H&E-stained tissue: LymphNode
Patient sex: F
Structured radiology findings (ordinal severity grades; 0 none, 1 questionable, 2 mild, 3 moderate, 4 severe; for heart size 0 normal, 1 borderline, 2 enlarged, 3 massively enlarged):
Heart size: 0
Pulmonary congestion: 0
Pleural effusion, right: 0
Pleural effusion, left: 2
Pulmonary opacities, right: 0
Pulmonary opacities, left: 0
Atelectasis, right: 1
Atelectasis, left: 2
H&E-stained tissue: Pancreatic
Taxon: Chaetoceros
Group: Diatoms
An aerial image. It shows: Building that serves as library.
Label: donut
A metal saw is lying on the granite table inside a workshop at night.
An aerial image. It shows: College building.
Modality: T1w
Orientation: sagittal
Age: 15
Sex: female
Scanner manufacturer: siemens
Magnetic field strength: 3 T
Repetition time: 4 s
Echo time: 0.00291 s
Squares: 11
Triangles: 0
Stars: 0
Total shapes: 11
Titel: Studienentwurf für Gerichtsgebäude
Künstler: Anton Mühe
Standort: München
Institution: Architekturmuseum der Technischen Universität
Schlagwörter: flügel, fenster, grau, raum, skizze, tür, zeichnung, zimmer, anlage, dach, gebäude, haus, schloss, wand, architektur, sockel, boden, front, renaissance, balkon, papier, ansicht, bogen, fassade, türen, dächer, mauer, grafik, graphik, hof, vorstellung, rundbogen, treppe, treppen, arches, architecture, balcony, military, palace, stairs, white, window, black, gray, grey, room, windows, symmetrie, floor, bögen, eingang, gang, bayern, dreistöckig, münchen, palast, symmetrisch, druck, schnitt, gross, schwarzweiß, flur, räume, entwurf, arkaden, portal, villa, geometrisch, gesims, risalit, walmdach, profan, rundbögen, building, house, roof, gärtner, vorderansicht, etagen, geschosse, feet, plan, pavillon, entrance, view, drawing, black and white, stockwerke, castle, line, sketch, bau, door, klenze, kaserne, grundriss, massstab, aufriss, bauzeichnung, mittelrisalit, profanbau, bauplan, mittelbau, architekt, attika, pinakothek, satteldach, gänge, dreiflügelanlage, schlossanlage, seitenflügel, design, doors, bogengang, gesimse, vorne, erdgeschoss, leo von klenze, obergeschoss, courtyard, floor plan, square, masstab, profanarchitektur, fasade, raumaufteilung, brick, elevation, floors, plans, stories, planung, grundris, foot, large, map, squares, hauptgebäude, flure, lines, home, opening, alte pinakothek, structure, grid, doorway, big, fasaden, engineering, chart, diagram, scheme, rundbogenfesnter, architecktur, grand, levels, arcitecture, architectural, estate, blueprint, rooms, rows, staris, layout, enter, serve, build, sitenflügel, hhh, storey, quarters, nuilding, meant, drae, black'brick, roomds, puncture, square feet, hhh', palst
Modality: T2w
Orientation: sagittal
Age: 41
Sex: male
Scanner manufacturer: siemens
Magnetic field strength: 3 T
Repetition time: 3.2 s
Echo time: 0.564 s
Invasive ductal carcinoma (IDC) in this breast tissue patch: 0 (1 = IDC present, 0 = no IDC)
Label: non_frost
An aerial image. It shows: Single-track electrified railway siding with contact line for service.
****************************************
» **TASK OBJECTIVE**
Copy down the whole of the data above, matching it exactly.

» **YOUR RESPONSE**
H&E-stained tissue: LymphNode
Patient sex: F
Structured radiology findings (ordinal severity grades; 0 none, 1 questionable, 2 mild, 3 moderate, 4 severe; for heart size 0 normal, 1 borderline, 2 enlarged, 3 massively enlarged):
Heart size: 0
Pulmonary congestion: 0
Pleural effusion, right: 0
Pleural effusion, left: 2
Pulmonary opacities, right: 0
Pulmonary opacities, left: 0
Atelectasis, right: 1
Atelectasis, left: 2
H&E-stained tissue: Pancreatic
Taxon: Chaetoceros
Group: Diatoms
An aerial image. It shows: Building that serves as library.
Label: donut
A metal saw is lying on the granite table inside a workshop at night.
An aerial image. It shows: College building.
Modality: T1w
Orientation: sagittal
Age: 15
Sex: female
Scanner manufacturer: siemens
Magnetic field strength: 3 T
Repetition time: 4 s
Echo time: 0.00291 s
Squares: 11
Triangles: 0
Stars: 0
Total shapes: 11
Titel: Studienentwurf für Gerichtsgebäude
Künstler: Anton Mühe
Standort: München
Institution: Architekturmuseum der Technischen Universität
Schlagwörter: flügel, fenster, grau, raum, skizze, tür, zeichnung, zimmer, anlage, dach, gebäude, haus, schloss, wand, architektur, sockel, boden, front, renaissance, balkon, papier, ansicht, bogen, fassade, türen, dächer, mauer, grafik, graphik, hof, vorstellung, rundbogen, treppe, treppen, arches, architecture, balcony, military, palace, stairs, white, window, black, gray, grey, room, windows, symmetrie, floor, bögen, eingang, gang, bayern, dreistöckig, münchen, palast, symmetrisch, druck, schnitt, gross, schwarzweiß, flur, räume, entwurf, arkaden, portal, villa, geometrisch, gesims, risalit, walmdach, profan, rundbögen, building, house, roof, gärtner, vorderansicht, etagen, geschosse, feet, plan, pavillon, entrance, view, drawing, black and white, stockwerke, castle, line, sketch, bau, door, klenze, kaserne, grundriss, massstab, aufriss, bauzeichnung, mittelrisalit, profanbau, bauplan, mittelbau, architekt, attika, pinakothek, satteldach, gänge, dreiflügelanlage, schlossanlage, seitenflügel, design, doors, bogengang, gesimse, vorne, erdgeschoss, leo von klenze, obergeschoss, courtyard, floor plan, square, masstab, profanarchitektur, fasade, raumaufteilung, brick, elevation, floors, plans, stories, planung, grundris, foot, large, map, squares, hauptgebäude, flure, lines, home, opening, alte pinakothek, structure, grid, doorway, big, fasaden, engineering, chart, diagram, scheme, rundbogenfesnter, architecktur, grand, levels, arcitecture, architectural, estate, blueprint, rooms, rows, staris, layout, enter, serve, build, sitenflügel, hhh, storey, quarters, nuilding, meant, drae, black'brick, roomds, puncture, square feet, hhh', palst
Modality: T2w
Orientation: sagittal
Age: 41
Sex: male
Scanner manufacturer: siemens
Magnetic field strength: 3 T
Repetition time: 3.2 s
Echo time: 0.564 s
Invasive ductal carcinoma (IDC) in this breast tissue patch: 0 (1 = IDC present, 0 = no IDC)
Label: non_frost
An aerial image. It shows: Single-track electrified railway siding with contact line for service.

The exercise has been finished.